02:28 ^🔗	dashcloud	if you do that, make sure to check the file listing in case you need to change/remove the user/group part of the file
02:28 ^🔗	dashcloud	I haven't started the FTP site
02:28 ^🔗	namespace	dashcloud: Cool, I got this then.
03:12 ^🔗	namespace	https://news.ycombinator.com/item?id=7284541
03:12 ^🔗	namespace	Interesting.
03:12 ^🔗	namespace	HN is hard to grab because of the Arc servers in-built limitations on page loading. Do we already have a copy anyway?
03:16 ^🔗	namespace	Also I'm finished with the wideweb grab, what does Jason Scott mean by adding metadata?
04:16 ^🔗	namespace	Like when I go to upload to archive.org (which I'm basically ready to do once I've got this sorted out) how should the files be arranged? One zip file containing the file list and the tar, or should those be uploaded as two seperate files? Is there anything I should add to the tar to describe the files? Or do I add that info to the archive.org website after it's uploaded?

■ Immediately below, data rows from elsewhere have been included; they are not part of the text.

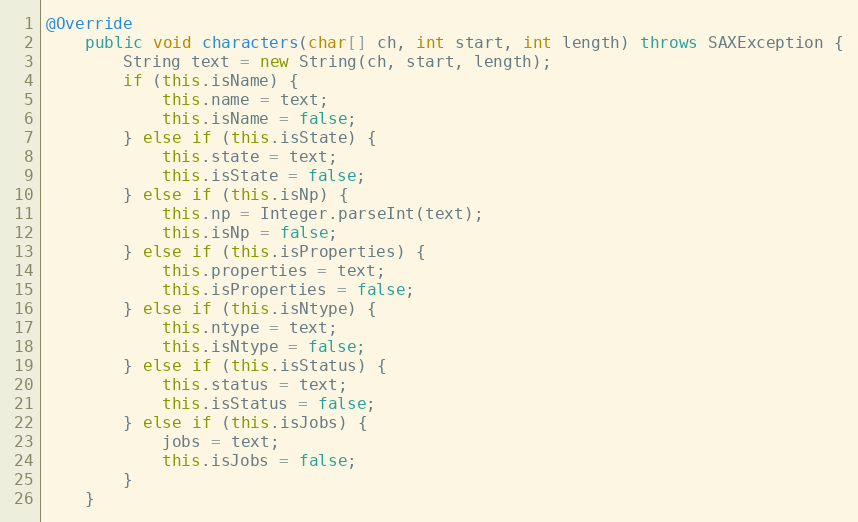
Language: Java
@Override
    public void characters(char[] ch, int start, int length) throws SAXException {
        String text = new String(ch, start, length);
        if (this.isName) {
            this.name = text;
            this.isName = false;
        } else if (this.isState) {
            this.state = text;
            this.isState = false;
        } else if (this.isNp) {
            this.np = Integer.parseInt(text);
            this.isNp = false;
        } else if (this.isProperties) {
            this.properties = text;
            this.isProperties = false;
        } else if (this.isNtype) {
            this.ntype = text;
            this.isNtype = false;
        } else if (this.isStatus) {
            this.status = text;
            this.isStatus = false;
        } else if (this.isJobs) {
            jobs = text;
            this.isJobs = false;
        }
    }
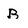
Character: B
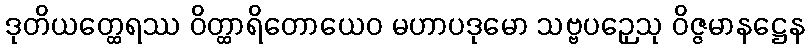
ဒုတိယတ္ထေရဿ ဝိတ္ထာရိတောယေဝ မဟာပဒုမော သဗ္ဗပဉှေသု ဝိဇ္ဇမာနဋ္ဌေန
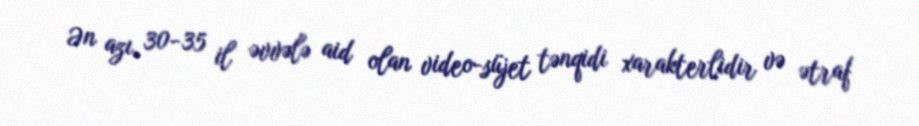
Ən azı, 30-35 il əvvələ aid olan video-süjet tənqidi xarakterlidir və ətraf
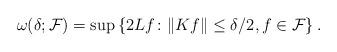
LaTeX: \begin{align*} \omega(\delta;\mathcal{F})= \sup \left\{2Lf\colon \|K f\|\le \delta/2, f\in\mathcal{F}\right\}.\end{align*}
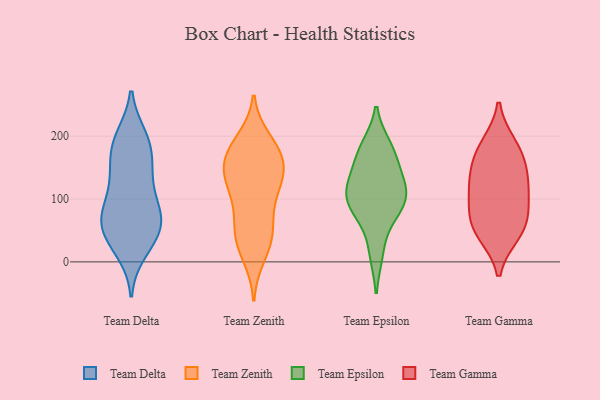
{"axis": {"x": "Churn Rate (%)", "y": "Value"}, "legend": ["Team Delta", "Team Epsilon", "Team Gamma", "Team Zenith"], "data": [{"x": "", "y": 18, "type": "Team Delta"}, {"x": "", "y": 188, "type": "Team Delta"}, {"x": "", "y": 70, "type": "Team Delta"}, {"x": "", "y": 65, "type": "Team Delta"}, {"x": "", "y": 109, "type": "Team Delta"}, {"x": "", "y": 32, "type": "Team Delta"}, {"x": "", "y": 149, "type": "Team Delta"}, {"x": "", "y": 43, "type": "Team Delta"}, {"x": "", "y": 78, "type": "Team Delta"}, {"x": "", "y": 68, "type": "Team Delta"}, {"x": "", "y": 76, "type": "Team Delta"}, {"x": "", "y": 148, "type": "Team Delta"}, {"x": "", "y": 123, "type": "Team Delta"}, {"x": "", "y": 196, "type": "Team Delta"}, {"x": "", "y": 198, "type": "Team Delta"}, {"x": "", "y": 175, "type": "Team Delta"}, {"x": "", "y": 44, "type": "Team Delta"}, {"x": "", "y": 27, "type": "Team Zenith"}, {"x": "", "y": 42, "type": "Team Zenith"}, {"x": "", "y": 149, "type": "Team Zenith"}, {"x": "", "y": 125, "type": "Team Zenith"}, {"x": "", "y": 81, "type": "Team Zenith"}, {"x": "", "y": 127, "type": "Team Zenith"}, {"x": "", "y": 140, "type": "Team Zenith"}, {"x": "", "y": 193, "type": "Team Zenith"}, {"x": "", "y": 105, "type": "Team Zenith"}, {"x": "", "y": 58, "type": "Team Zenith"}, {"x": "", "y": 179, "type": "Team Zenith"}, {"x": "", "y": 10, "type": "Team Zenith"}, {"x": "", "y": 168, "type": "Team Zenith"}, {"x": "", "y": 43, "type": "Team Zenith"}, {"x": "", "y": 181, "type": "Team Zenith"}, {"x": "", "y": 136, "type": "Team Zenith"}, {"x": "", "y": 168, "type": "Team Zenith"}, {"x": "", "y": 90, "type": "Team Epsilon"}, {"x": "", "y": 122, "type": "Team Epsilon"}, {"x": "", "y": 183, "type": "Team Epsilon"}, {"x": "", "y": 14, "type": "Team Epsilon"}, {"x": "", "y": 94, "type": "Team Epsilon"}, {"x": "", "y": 71, "type": "Team Epsilon"}, {"x": "", "y": 107, "type": "Team Epsilon"}, {"x": "", "y": 123, "type": "Team Epsilon"}, {"x": "", "y": 177, "type": "Team Epsilon"}, {"x": "", "y": 154, "type": "Team Epsilon"}, {"x": "", "y": 55, "type": "Team Gamma"}, {"x": "", "y": 177, "type": "Team Gamma"}, {"x": "", "y": 46, "type": "Team Gamma"}, {"x": "", "y": 185, "type": "Team Gamma"}, {"x": "", "y": 83, "type": "Team Gamma"}, {"x": "", "y": 56, "type": "Team Gamma"}, {"x": "", "y": 134, "type": "Team Gamma"}, {"x": "", "y": 155, "type": "Team Gamma"}, {"x": "", "y": 115, "type": "Team Gamma"}, {"x": "", "y": 110, "type": "Team Gamma"}]}
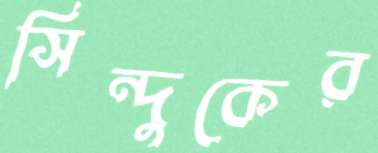
সিন্দুকের
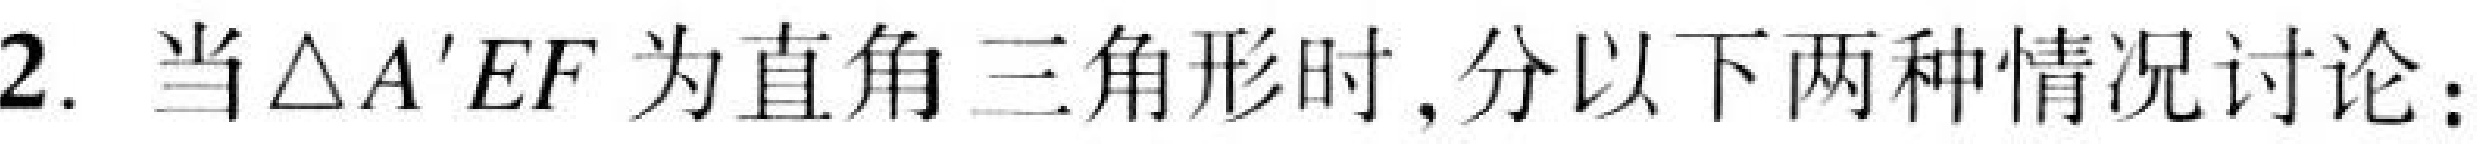
2. 当\(\triangle A'EF\)为直角三角形时,分以下两种情况讨论：
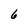
Character: 6
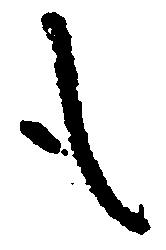
も
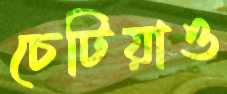
চেটিয়াও
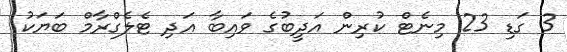
3 ގަޑި 23 މިނެޓް ކުރިން އަދީބުގެ ވައިބާ އަދި ޓެލެގްރާމް ބަޔަކު
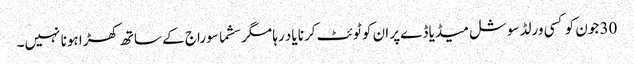
30 جون کو کسی ورلڈ سوشل میڈیا ڈےپر ان کو ٹوئٹ کرنا یاد رہا مگر سشما سوراج کے ساتھ کھڑا ہونا نہیں۔
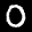
Label: 0
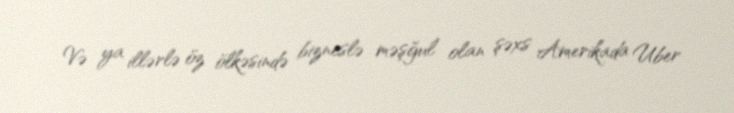
Və ya illərlə öz ölkəsində bizneslə məşğul olan şəxs Amerikada Uber
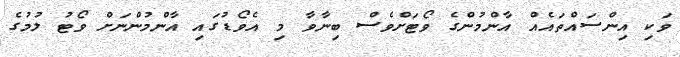
ވަކި އިންސައްތައެއް އާންމުންގެ ވޯޓަށްވެސް ބިނާވާ މި އެވޯޑުގައި އާންމުންނަށް ވޯޓު ލުމުގެ
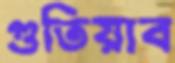
গুতিয়াব
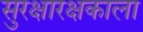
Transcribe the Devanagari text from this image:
सुरक्षारक्षकाला
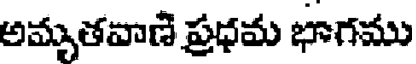
అమృతవాణి ప్రధమ భాగము
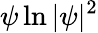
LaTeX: \psi\ln|\psi|^{2}
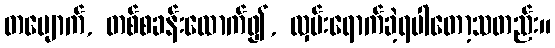
တပျောက်, တစ်စခန်းထောက်၍, လှမ်းရောက်ခဲ့ရပါတော့သတည်း။
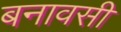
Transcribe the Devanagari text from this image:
बनावसी
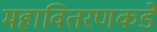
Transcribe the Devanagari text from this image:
महावितरणकडे
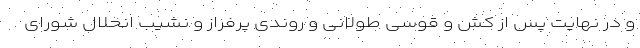
و در نهایت پس از کش و قوسی طولانی و روندی پرفراز و نشیب انحلال شورای
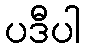
ပဒီပါ
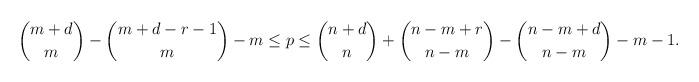
LaTeX: \begin{align*}\binom{m+d}{m}-\binom{m+d-r-1}{m}-m \le p \le \binom{n+d}{n}+ \binom{n-m+r}{n-m}- \binom{n-m+d}{n-m}-m-1.\end{align*}
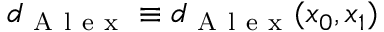
d _ { \mathrm { ~ A ~ l ~ e ~ x ~ } } \equiv d _ { \mathrm { ~ A ~ l ~ e ~ x ~ } } ( x _ { 0 } , x _ { 1 } )
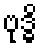
ဗုဒ္ဓိ
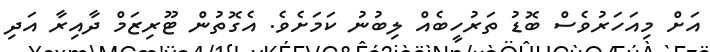
އަށް މިއަހަރުވެސް ބޮޑު ތަރުހީބެއް ލިބުނު ކަމަށެވެ. އެގޮތުން ޓޫރިޒަމް ދާއިރާ އަދި
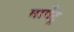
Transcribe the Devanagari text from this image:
मार्गेट्र
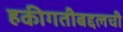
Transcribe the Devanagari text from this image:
हकीगतीबद्दलची
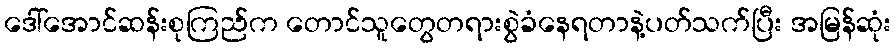
ဒေါ်အောင်ဆန်းစုကြည်က တောင်သူတွေတရားစွဲခံနေရတာနဲ့ပတ်သက်ပြီး အမြန်ဆုံး
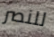
للنصر
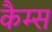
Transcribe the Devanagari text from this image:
कैम्स
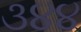
૩૪૪
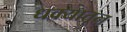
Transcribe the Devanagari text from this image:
धक्यातून
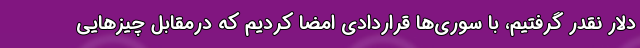
دلار نقدر گرفتیم، با سوری‌ها قراردادی امضا کردیم که درمقابل چیزهایی
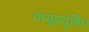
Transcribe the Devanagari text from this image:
वायुप्रदूषित
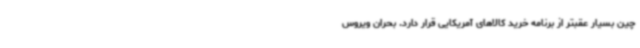
چین بسیار عقبتر از برنامه خرید کالاهای آمریکایی قرار دارد. بحران ویروس
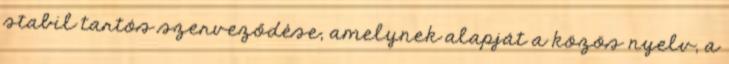
stabil tartós szerveződése, amelynek alapját a közös nyelv, a
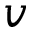
v
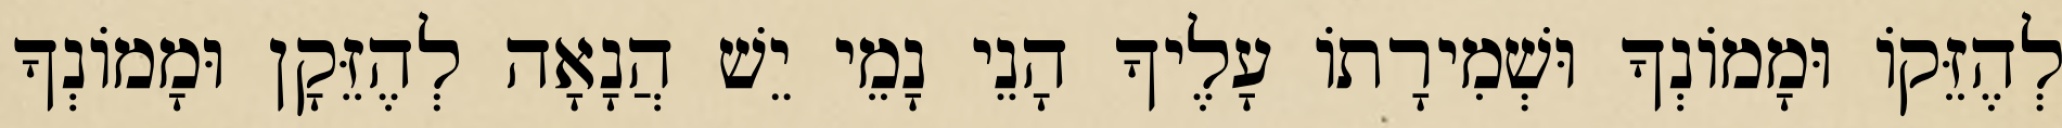
לְהֶזֵּקוֹ וּמָמוֹנְךָ וּשְׁמִירָתוֹ עָלֶיךָ הָנֵי נָמֵי יֵשׁ הֲנָאָה לְהֶזֵּקָן וּמָמוֹנְךָ
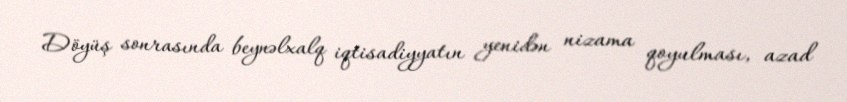
Döyüş sonrasında beynəlxalq iqtisadiyyatın yenidən nizama qoyulması, azad
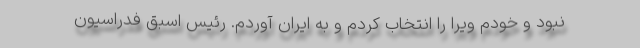
نبود و خودم ویرا را انتخاب کردم و به ایران آوردم. رئیس اسبق فدراسیون
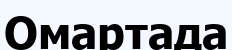
Омартада
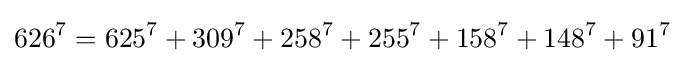
626^{7}=625^{7}+309^{7}+258^{7}+255^{7}+158^{7}+148^{7}+91^{7}
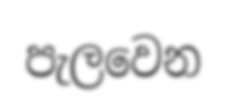
පැලවෙන
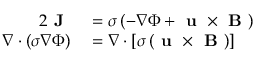
\begin{array} { r l } { { 2 } \textbf { J } } & { { } = \sigma \left( - \nabla \Phi + \textbf { u } \times \textbf { B } \right) } \\ { \nabla \cdot \left( \sigma \nabla \Phi \right) } & { { } = \nabla \cdot \left[ \sigma \left( \textbf { u } \times \textbf { B } \right) \right] } \end{array}
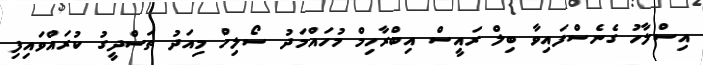
އިސްލާހު ގެނެސްފައިވާ ބިލް ރައީސް އިބްރާހިމް މުހައްމަދު ސޯލިހް މިއަދު ތަސްދީގު ކުރައްވައިފި
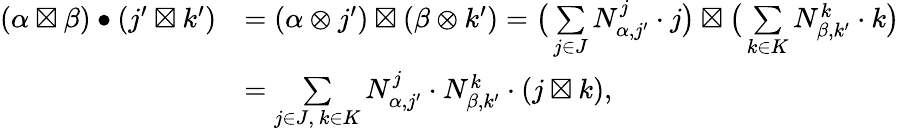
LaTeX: \begin{array}{rl}{(\alpha\boxtimes\beta)\bullet(j^{\prime}\boxtimes k^{\prime})}&{=(\alpha\otimes j^{\prime})\boxtimes(\beta\otimes k^{\prime})=\big(\underset{j\in J}{\sum}N_{\alpha,j^{\prime}}^{j}\cdot j\big)\boxtimes\big(\underset{k\in K}{\sum}N_{\beta,k^{\prime}}^{k}\cdot k\big)}\\ &{=\underset{j\in J,\ k\in K}{\sum}N_{\alpha,j^{\prime}}^{j}\cdot N_{\beta,k^{\prime}}^{k}\cdot(j\boxtimes k),}\end{array}

04:21 ^🔗	chfoo	namespace: i think the file list file and tar file should be separate files but uploaded as under one item. info about the item should be entered as the item description.
04:22 ^🔗	namespace	chfoo: Thanks.
04:22 ^🔗	namespace	Doing it now.
04:26 ^🔗	SketchCow	s3 seems back.
04:28 ^🔗	godane	i hope so
04:28 ^🔗	godane	cause i'm uploading items for cnnmoney archive
04:29 ^🔗	namespace	SketchCow: Hey, how do I get involved in the bitsavers/etc metadata project?
04:29 ^🔗	namespace	I have experience in this area, sort of.
04:29 ^🔗	godane	but looks like it since my new items are appearing there
04:35 ^🔗	SketchCow	Well, bitsavers does itself except the descriptions.
04:36 ^🔗	namespace	SketchCow: Yes, I meant the entire metadata thing you were talking about being a bottleneck back in 2011, and more recently.
04:36 ^🔗	namespace	You said you had all this stuff with no metadata, and needed people to help tag it.
04:36 ^🔗	SketchCow	Do you mean you specifically want to do metadata for bitsavers or general metadata in a variety of collections I have?
04:37 ^🔗	SketchCow	Just understanding your interests.
04:37 ^🔗	namespace	SketchCow: General Metadata.
04:37 ^🔗	SketchCow	It's lonely work.
04:37 ^🔗	namespace	SketchCow: I know, I've sat hunched over a table for hours at a time taking photos of books.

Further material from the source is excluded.